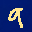
Label: 9
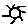
Label: sun
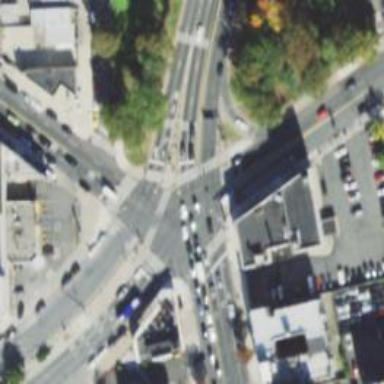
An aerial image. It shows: Traffic island located on footway.
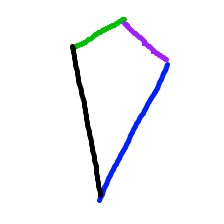
Shape: kite
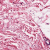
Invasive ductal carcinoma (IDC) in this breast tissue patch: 0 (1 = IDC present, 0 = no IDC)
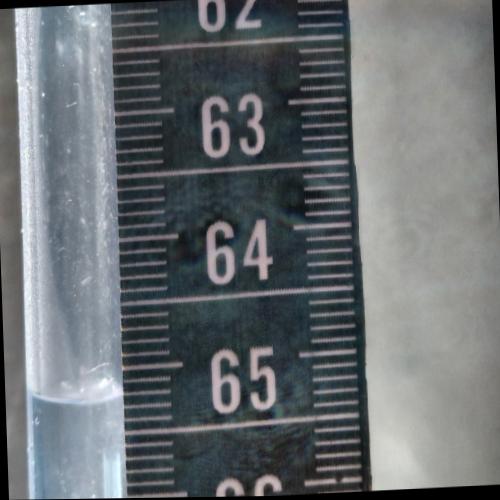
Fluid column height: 65.2 cm

*EXERCISE DETAILS*:
Each line from the one that contains "Invasive ductal carcinoma" through the end of the records should be restated exactly; include both end lines and leave any pictures out.

*FINAL ANSWER*:
Invasive ductal carcinoma (IDC) in this breast tissue patch: 0 (1 = IDC present, 0 = no IDC)
Fluid column height: 65.2 cm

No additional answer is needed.